Attila is the bass's opera, and Pertusi gave a fine reading of the 'dream' aria from Act 1, while Ezio's big scene from the start of Act 2 was gilded by bright, sharp trumpets in suitably martial vein.  There was a duet between Ezio and Attila advertised, but instead we went straight into Rigoletto, the Rigoletto/Sparafucile conversation from Act 1.ii, the courtiers' conspiratorial chorus from the same scene, just before they kidnap Gilda and, naturally, Rigoletto's great monologue.  Salsi's penchant for near-parlando effects was a little troubling here; it's not uncommon, but I like my Rigoletto's to sing their role, from start to finish, the music is powerful enough that it doesn't need any 'assistance' from vocal special effects.  That said, Salsi's heart was well and truly on his sleeve, and the second half was genuinely touching.

"Di Provenza" from La traviata was more nuanced than anything Salsi had previously sung, with finely shaped phrasing and elegantly marked dynamics, as well as delicate support from the orchestra, never allowing it to lapse into bathos.  Then the chorus delivered the two 'fancy-dress' choruses from the second scene of Act 2.  This, as well as in the first part of Rigoletto's monologue, was the clearest indication of the difficulties imposed by the new performance conditions, with the greatly increased physical distances between chorus members, and between the chorus and the conductor, now standing at the other end of the stalls, because the chorus clearly wanted to go a little faster than the tempo Ranzani was setting.  However, it was a fairly minor issue, on the whole.

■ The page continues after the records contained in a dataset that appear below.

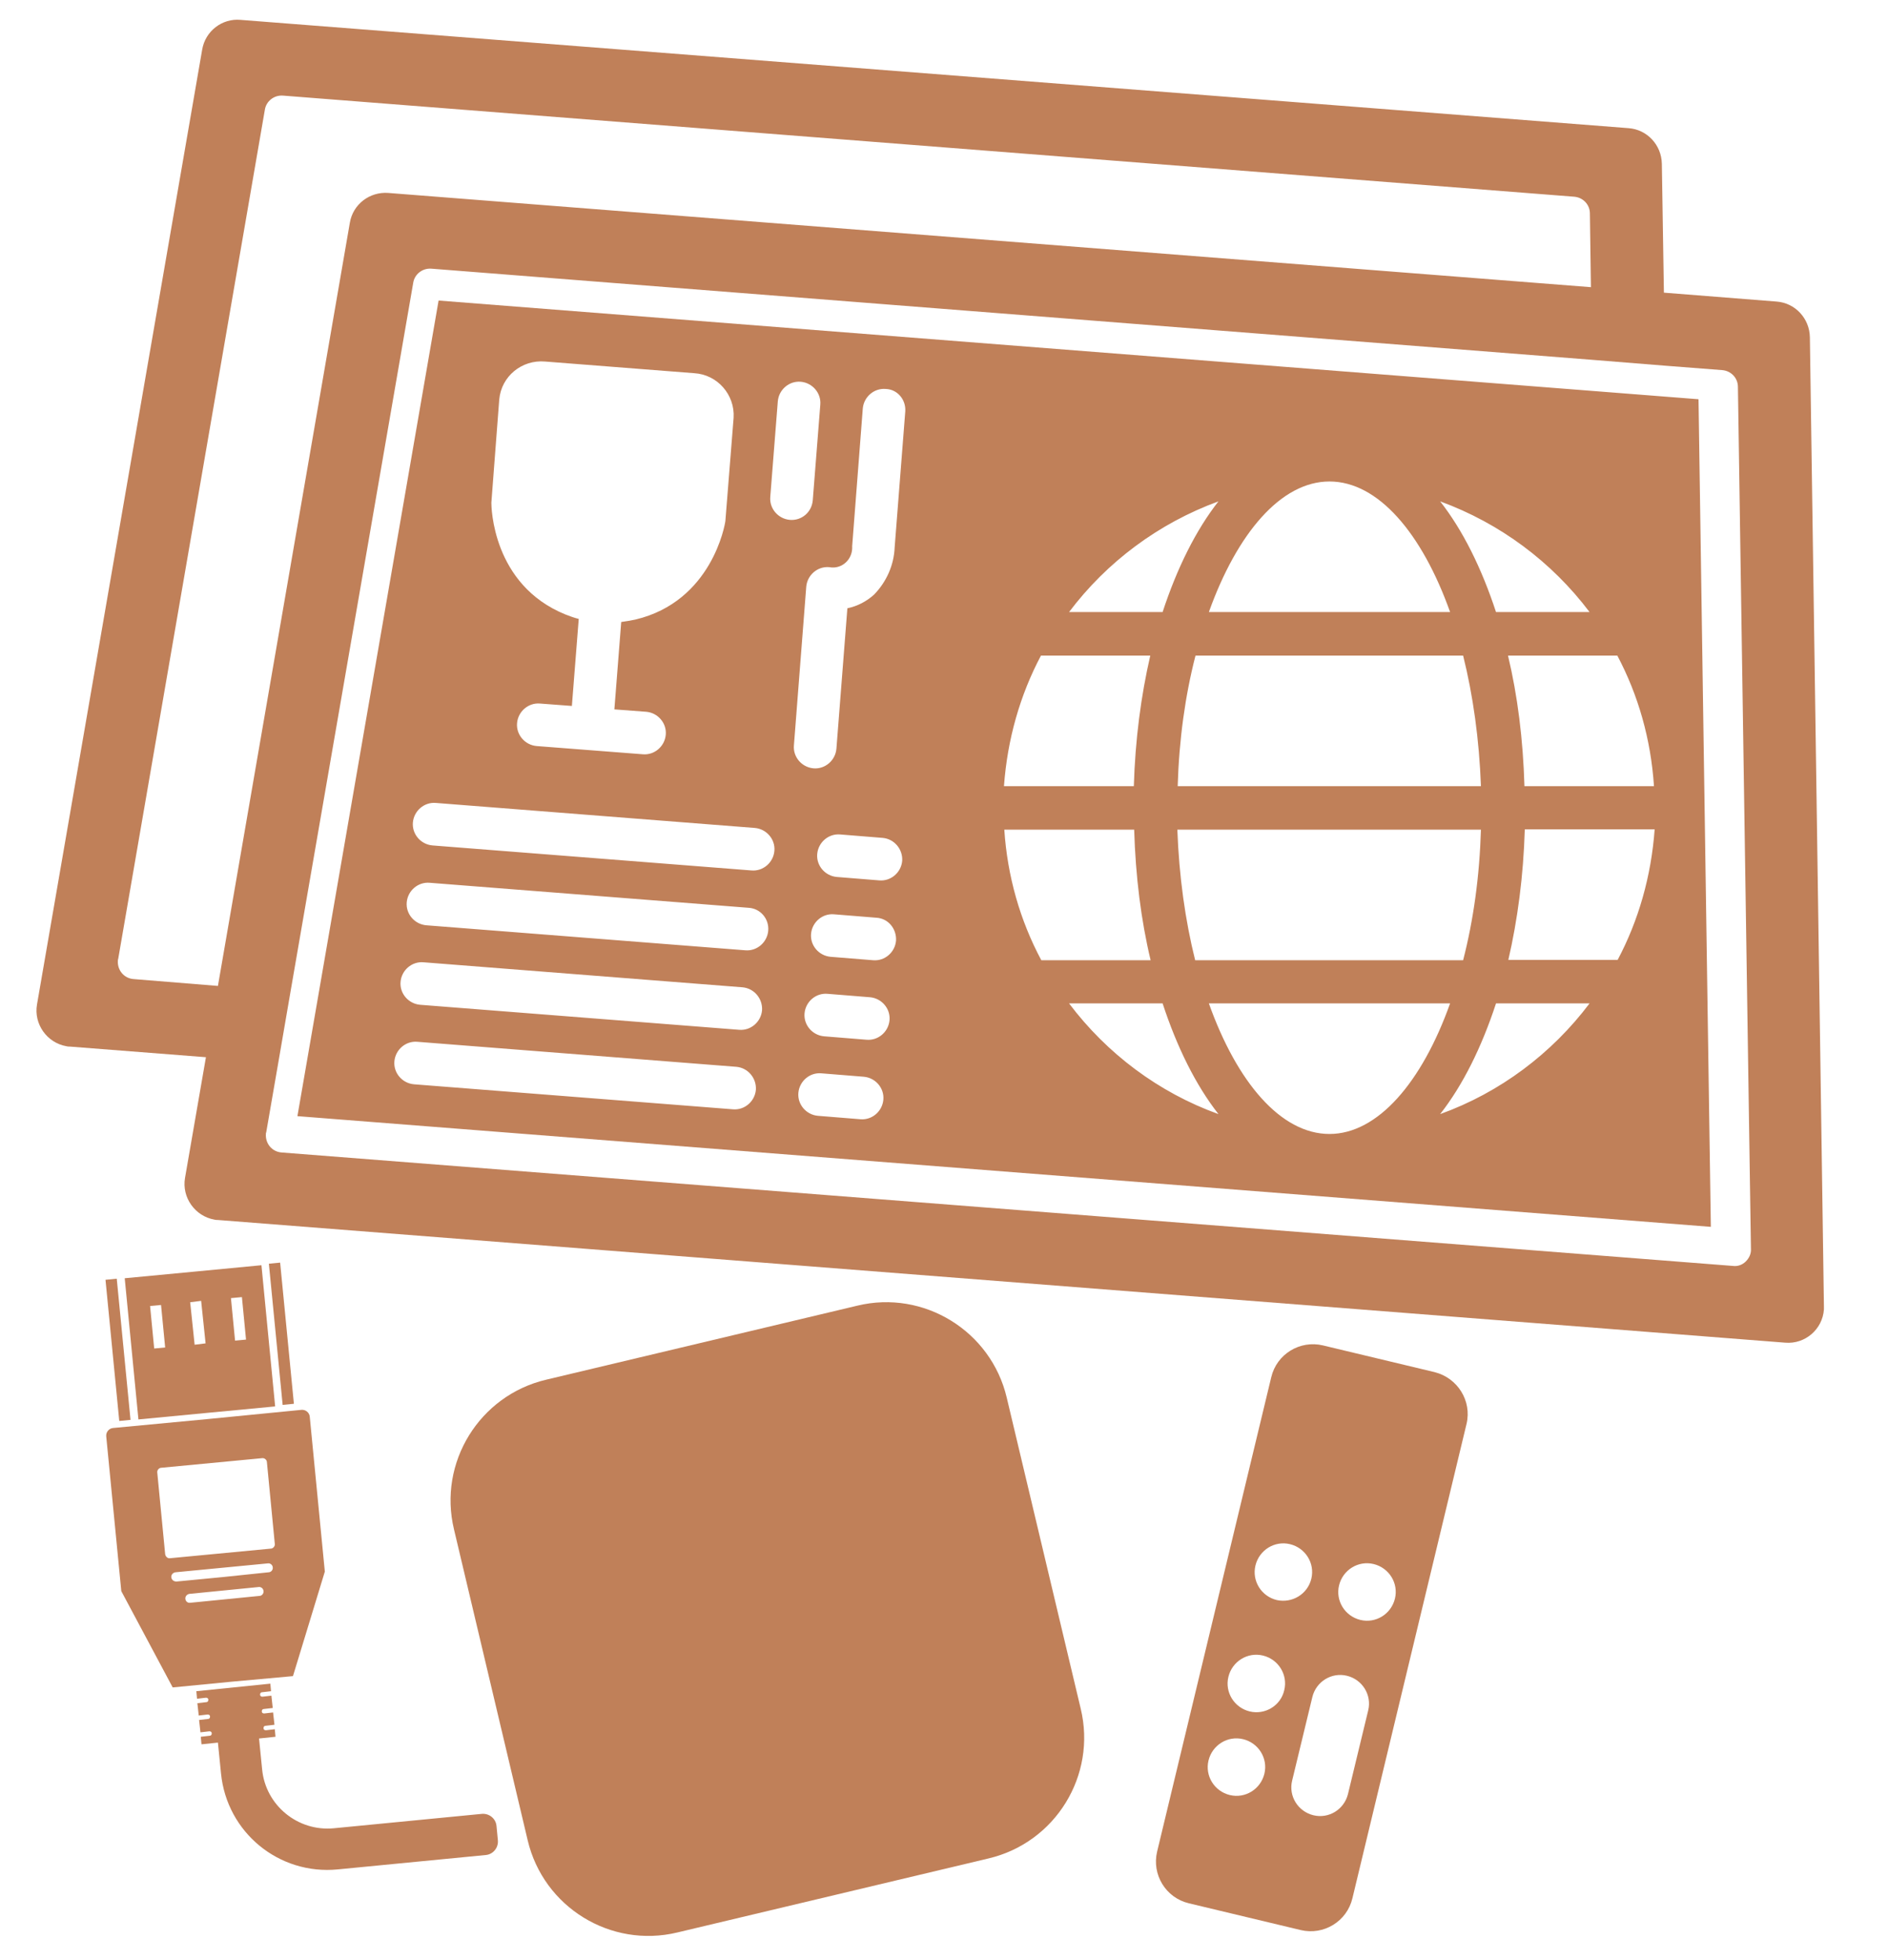 <?xml version="1.0" encoding="utf-8"?>
<!-- Generator: Adobe Illustrator 24.3.0, SVG Export Plug-In . SVG Version: 6.00 Build 0)  -->
<svg version="1.1" id="Mode_Isolation" xmlns="http://www.w3.org/2000/svg" xmlns:xlink="http://www.w3.org/1999/xlink" x="0px"
	 y="0px" viewBox="0 0 551 572" style="enable-background:new 0 0 551 572;" xml:space="preserve">
<style type="text/css">
	.st0{fill:none;}
	.st1{fill:#C08059;}
</style>
<g>
	<path class="st0" d="M113.4,56.3l351,27.5l-0.3-21.5c0-2.6-2-4.7-4.6-4.9L82.7,27.9c-2.6-0.2-4.9,1.6-5.3,4.1L34.5,279.9
		c0,0.2,0,0.3-0.1,0.5c-0.2,2.8,1.8,5.2,4.6,5.4l24.6,1.9L102.2,65C103.1,59.6,107.9,55.9,113.4,56.3z"/>
	<path class="st0" d="M466.3,317.6c1-1,1.6-2.3,1.6-3.7L464.7,105L125.9,78.4c-2.6-0.2-4.9,1.6-5.3,4.1L84.8,289.3l377.7,29.6
		C463.9,319,465.3,318.5,466.3,317.6z"/>
	<path class="st1" d="M528.2,98.4c-0.1-5.5-4.3-10-9.7-10.4l-32.9-2.6L485,47.8c-0.1-5.5-4.3-10-9.7-10.4L70.2,5.8
		C64.8,5.3,59.9,9.1,59,14.5L10.8,293.1c-1,5.7,2.9,11.2,8.6,12.2c0.3,0.1,0.6,0.1,1,0.1l39.7,3.1L54,343.7
		c-1,5.7,2.9,11.2,8.6,12.2c0.3,0.1,0.6,0.1,1,0.1L521,391.8c5.8,0.5,10.9-3.9,11.3-9.7c0-0.3,0-0.7,0-1L528.2,98.4z M39,285.7
		c-2.8-0.2-4.8-2.6-4.6-5.4c0-0.2,0-0.3,0.1-0.5L77.3,32c0.4-2.5,2.7-4.3,5.3-4.1l376.8,29.5c2.6,0.2,4.6,2.3,4.6,4.9l0.3,21.5
		l-351-27.5c-5.4-0.4-10.3,3.3-11.2,8.7L63.6,287.7L39,285.7z M509.5,368.1c-1,1-2.4,1.5-3.8,1.3L82.2,336.3
		c-2.8-0.2-4.8-2.6-4.6-5.4c0-0.2,0-0.3,0.1-0.5l3.5-20.2l3.6-20.9l35.8-206.8c0.4-2.5,2.7-4.3,5.3-4.1L464.7,105l21.1,1.7l16.8,1.3
		c2.6,0.2,4.6,2.3,4.6,4.9l3.8,251.5C511.1,365.8,510.5,367.1,509.5,368.1z"/>
</g>
<path class="st1" d="M250.2,381l-90.8,21.6c-19.5,4.6-31.6,24.2-26.9,43.7L154,537c4.6,19.5,24.2,31.6,43.7,26.9l90.8-21.6
	c19.5-4.6,31.6-24.2,26.9-43.7l-21.6-90.8C289.2,388.4,269.6,376.3,250.2,381z"/>
<path class="st1" d="M418.7,400.4l-32.6-7.8c-6.7-1.6-13.5,2.5-15.1,9.3l-33.3,138.4c-1.6,6.7,2.5,13.5,9.3,15.1l32.6,7.8
	c6.7,1.6,13.5-2.5,15.1-9.3l33.3-138.4C429.6,408.8,425.4,402.1,418.7,400.4z M358.9,523.8c-4.5-1.1-7.3-5.6-6.2-10.1
	c1.1-4.5,5.6-7.3,10.1-6.2s7.3,5.6,6.2,10.1S363.4,524.9,358.9,523.8z M364.7,499.4c-4.5-1.1-7.3-5.6-6.2-10.1
	c1.1-4.5,5.6-7.3,10.1-6.2c4.5,1.1,7.3,5.6,6.2,10.1C373.8,497.7,369.2,500.5,364.7,499.4z M372.6,466.9c-4.5-1.1-7.3-5.6-6.2-10.1
	c1.1-4.5,5.6-7.3,10.1-6.2c4.5,1.1,7.3,5.6,6.2,10.1C381.6,465.2,377.1,467.9,372.6,466.9z M393.4,523.5c-1.1,4.5-5.6,7.3-10.1,6.2
	c-4.5-1.1-7.3-5.6-6.2-10.1l5.9-24.4c1.1-4.5,5.6-7.3,10.1-6.2s7.3,5.6,6.2,10.1L393.4,523.5z M397,472.7c-4.5-1.1-7.3-5.6-6.2-10.1
	c1.1-4.5,5.6-7.3,10.1-6.2c4.5,1.1,7.3,5.6,6.2,10.1C406,471,401.5,473.8,397,472.7z"/>
<g>
	
		<rect id="XMLID_343_" x="32.8" y="373.3" transform="matrix(0.995 -9.704797e-02 9.704797e-02 0.995 -38.075 5.202)" class="st1" width="3.3" height="41.4"/>
	
		<rect id="XMLID_344_" x="80.5" y="368.6" transform="matrix(0.995 -9.704797e-02 9.704797e-02 0.995 -37.398 9.815)" class="st1" width="3.3" height="41.4"/>
	<path id="XMLID_347_" class="st1" d="M80.3,410.4l-4-41.2l-19.9,1.9L36.4,373l4,41.2l19.9-1.9L80.3,410.4z M67.4,378.8l3.2-0.3
		l1.2,12.4l-3.2,0.3L67.4,378.8z M48.2,393.2l-3.2,0.3l-1.2-12.4l3.2-0.3L48.2,393.2z M55.5,380l1.6-0.2l1.6-0.2L60,392l-1.6,0.2
		l-1.6,0.2L55.5,380z"/>
	<path id="XMLID_352_" class="st1" d="M85.5,489.1l9.3-30.5l-4.4-45.2c-0.1-1.2-1.2-2.1-2.4-2l-27.5,2.7L33,416.7
		c-1.2,0.1-2.1,1.2-2,2.4l4.4,45.2l15,28.1l17.5-1.7L85.5,489.1z M48.2,453.5l-2.3-23.8c-0.1-0.7,0.5-1.4,1.2-1.4l14.7-1.4l14.7-1.4
		c0.7-0.1,1.4,0.5,1.4,1.2l2.3,23.8c0.1,0.7-0.5,1.4-1.2,1.4l-14.7,1.4l-14.7,1.4C48.9,454.8,48.3,454.2,48.2,453.5z M50,460.3
		L50,460.3c-0.1-0.8,0.5-1.4,1.2-1.5l13.5-1.3l13.5-1.3c0.7-0.1,1.4,0.5,1.4,1.2l0,0c0.1,0.7-0.5,1.4-1.2,1.4L65,460.2l-13.5,1.3
		C50.7,461.5,50.1,461,50,460.3z M54.1,466.6L54.1,466.6c-0.1-0.8,0.5-1.4,1.2-1.5l10.1-1l10.1-1c0.7-0.1,1.4,0.5,1.4,1.2l0,0
		c0.1,0.7-0.5,1.4-1.2,1.4l-10.1,1l-10.1,1C54.8,467.8,54.2,467.3,54.1,466.6z"/>
	<path id="XMLID_355_" class="st1" d="M140.6,529.3l-43.2,4.2c-10.5,1-19.9-6.7-20.9-17.2l-0.9-9l4.8-0.5l-0.2-2.2l-2.6,0.3
		c-0.4,0-0.7-0.2-0.7-0.6c0-0.4,0.2-0.7,0.6-0.7l2.6-0.3l-0.4-3.6l-2.6,0.3c-0.4,0-0.7-0.2-0.7-0.6c0-0.4,0.2-0.7,0.6-0.7l2.6-0.3
		l-0.4-3.6l-2.6,0.3c-0.4,0-0.7-0.2-0.7-0.6c0-0.4,0.2-0.7,0.6-0.7l2.6-0.3l-0.2-2.2l-10.8,1.1l-10.8,1.1l0.2,2.2l2.6-0.3
		c0.4,0,0.7,0.2,0.7,0.6c0,0.4-0.2,0.7-0.6,0.7l-2.6,0.3l0.4,3.6l2.6-0.3c0.4,0,0.7,0.2,0.7,0.6c0,0.4-0.2,0.7-0.6,0.7l-2.6,0.3
		l0.4,3.6l2.6-0.3c0.4,0,0.7,0.2,0.7,0.6c0,0.4-0.2,0.7-0.6,0.7l-2.6,0.3l0.2,2.2l4.8-0.5l0.9,9c1.7,17.2,16.9,29.7,34.1,28
		l43.2-4.2c2.1-0.2,3.7-2.1,3.5-4.3l-0.4-4.2C144.7,530.7,142.8,529.1,140.6,529.3z"/>
</g>
<path class="st1" d="M495.7,116.5L128,87.7l-41.2,238l412.5,32.3L495.7,116.5z M463.9,178.6h-27.3c-4.2-12.8-9.7-23.9-16.3-32.3
	C437.8,152.7,452.9,164,463.9,178.6z M432.2,242.1c-0.4,13.6-2.2,26.5-5.2,38.1h-78.2c-2.9-11.6-4.7-24.5-5.2-38.1H432.2z
	 M343.7,229.4c0.4-13.6,2.2-26.5,5.2-38.1H427c2.9,11.6,4.7,24.5,5.2,38.1H343.7z M388,140.5c14.2,0,27,15.1,35.2,38.1h-70.4
	C361,155.7,373.8,140.5,388,140.5z M355.6,146.3c-6.6,8.4-12.1,19.5-16.3,32.3H312C323,164,338.1,152.7,355.6,146.3z M303.8,191.3
	h31.9c-2.7,11.7-4.4,24.5-4.8,38.1h-37.9C294,215.7,297.7,202.8,303.8,191.3z M145.7,116.6c0.6-6.8,6.6-11.7,13.4-11.1l43.5,3.4
	c6.8,0.4,11.9,6.3,11.5,13c0,0-2.4,30-2.4,30.1c-0.1,1-3.9,23.5-26.3,28.8c-1.4,0.3-2.7,0.5-4.1,0.7l-2,25.5l9.3,0.7
	c3.4,0.3,6,3.3,5.7,6.7c-0.3,3.4-3.3,6-6.7,5.7l-31-2.4c-3.4-0.3-6-3.3-5.7-6.7c0.3-3.4,3.3-6,6.7-5.7l9.3,0.7l2-25.4
	c-1.3-0.3-2.6-0.8-3.9-1.3c-21.4-8.7-21.6-31.6-21.6-32.6C143.4,146.6,145.7,116.6,145.7,116.6z M220.6,318c-0.3,3.4-3.3,6-6.7,5.7
	l-93.1-7.3c-3.4-0.3-6-3.3-5.7-6.7c0.3-3.4,3.3-6,6.7-5.7l93.1,7.3C218.3,311.6,220.8,314.6,220.6,318z M222.4,294.8
	c-0.3,3.4-3.3,6-6.7,5.7l-93.1-7.3c-3.4-0.3-6-3.3-5.7-6.7c0.3-3.4,3.3-6,6.7-5.7l93.1,7.3C220.1,288.4,222.6,291.4,222.4,294.8z
	 M224.2,271.6c-0.3,3.4-3.3,6-6.7,5.7l-93.1-7.3c-3.4-0.3-6-3.3-5.7-6.7c0.3-3.4,3.3-6,6.7-5.7l93.1,7.3
	C221.9,265.1,224.5,268.1,224.2,271.6z M226,248.3c-0.3,3.4-3.3,6-6.7,5.7l-93.1-7.3c-3.4-0.3-6-3.3-5.7-6.7c0.3-3.4,3.3-6,6.7-5.7
	l93.1,7.3C223.7,241.9,226.3,244.9,226,248.3z M230.5,151.7c-3.4-0.3-6-3.3-5.7-6.7l2.2-27.9c0.3-3.4,3.3-6,6.7-5.7
	c3.4,0.3,6,3.3,5.7,6.7l-2.2,27.9C236.9,149.5,233.9,152,230.5,151.7z M257.8,320.9c-0.3,3.4-3.3,6-6.7,5.7l-12.4-1
	c-3.4-0.3-6-3.3-5.7-6.7c0.3-3.4,3.3-6,6.7-5.7l12.4,1C255.5,314.5,258.1,317.5,257.8,320.9z M259.6,297.7c-0.3,3.4-3.3,6-6.7,5.7
	l-12.4-1c-3.4-0.3-6-3.3-5.7-6.7c0.3-3.4,3.3-6,6.7-5.7l12.4,1C257.3,291.3,259.9,294.3,259.6,297.7z M261.5,274.5
	c-0.3,3.4-3.3,6-6.7,5.7l-12.4-1c-3.4-0.3-6-3.3-5.7-6.7c0.3-3.4,3.3-6,6.7-5.7l12.4,1C259.2,268,261.7,271,261.5,274.5z
	 M263.3,251.2c-0.3,3.4-3.3,6-6.7,5.7l-12.4-1c-3.4-0.3-6-3.3-5.7-6.7c0.3-3.4,3.3-6,6.7-5.7l12.4,1
	C261,244.8,263.5,247.8,263.3,251.2z M264.2,120l-3.1,39.7c-0.2,5.2-2.4,10.1-6,13.8c-2.2,2-4.9,3.4-7.8,4l-3.2,41
	c-0.3,3.4-3.3,6-6.7,5.7c-3.4-0.3-6-3.3-5.7-6.7l3.6-46.3c0.3-3.4,3.3-6,6.7-5.7c0.5,0.1,0.9,0.1,1.4,0.1c3.2-0.2,5.5-3,5.3-6.2
	c0-0.1,3.1-40.2,3.1-40.2c0.3-3.4,3.3-6,6.7-5.7C261.9,113.6,264.4,116.6,264.2,120z M293.1,242.1H331c0.4,13.6,2,26.4,4.8,38.1
	h-31.9C297.7,268.6,294,255.7,293.1,242.1z M312,292.8h27.3c4.2,12.8,9.7,23.9,16.3,32.3C338.1,318.8,323,307.4,312,292.8z
	 M388,330.9c-14.2,0-27-15.1-35.2-38.1h70.4C415,315.8,402.1,330.9,388,330.9z M420.3,325.1c6.6-8.4,12.1-19.5,16.3-32.3h27.3
	C452.9,307.4,437.8,318.8,420.3,325.1z M472.1,280.1h-31.9c2.7-11.7,4.4-24.5,4.8-38.1h37.9C481.9,255.7,478.2,268.6,472.1,280.1z
	 M444.9,229.4c-0.4-13.6-2-26.4-4.8-38.1h31.9c6.1,11.5,9.8,24.4,10.7,38.1H444.9z"/>
</svg>

Verdi's publisher Ricordi had been periodically suggesting to the composer that he revise Simon Boccanegra from around a decade after its 1857 premiere, without any success.  However, when he then proposed that Verdi collaborate with Arrigo Boito for a new opera - which would be Otello - the suggestion was that Verdi 'try out' the collaboration by working on Simon Boccanegra (Piave, the original librettist, having died in the interim).  Boito was all for rewriting the whole thing, which was more than Verdi was prepared to accept, and in the end much of Piave's libretto stands.  However, what was rewritten entirely was the end of the second act (which became the end of Act 1), and Boito's Council Scene was such an outstanding improvement that it established the revised Boccanegra as the definitive one.

I've never heard the 1857 version, and the two Simon/Fiesco duets presented here did not really seem to show much difference from the later version.  There's maybe something in the orchestra, which I couldn't pinpoint exactly, but the vocal lines are, I think, the same.  These brought out the best from both Salsi and Pertusi, a real dialogue, and in the Act 4 one, a true sense of pathos.  The one real difference was, preceding that final duet, a women's chorus - i presume a nuptial chorus for Amelia and Gabriele - ethereal and luminous.  

The Boccanegra selection ending on a very low-key note, and the audience so audibly pleased to have been able to assist at a concert in person, the 'missing' duet from Attila was produced as an encore, to end the evening on a bolder note.  the trumpets again leant a glittering military swagger to the blustering bravado of the two characters, and delivered with relish by the soloists for the greater pleasure of an appreciative public, both on site, and on screen.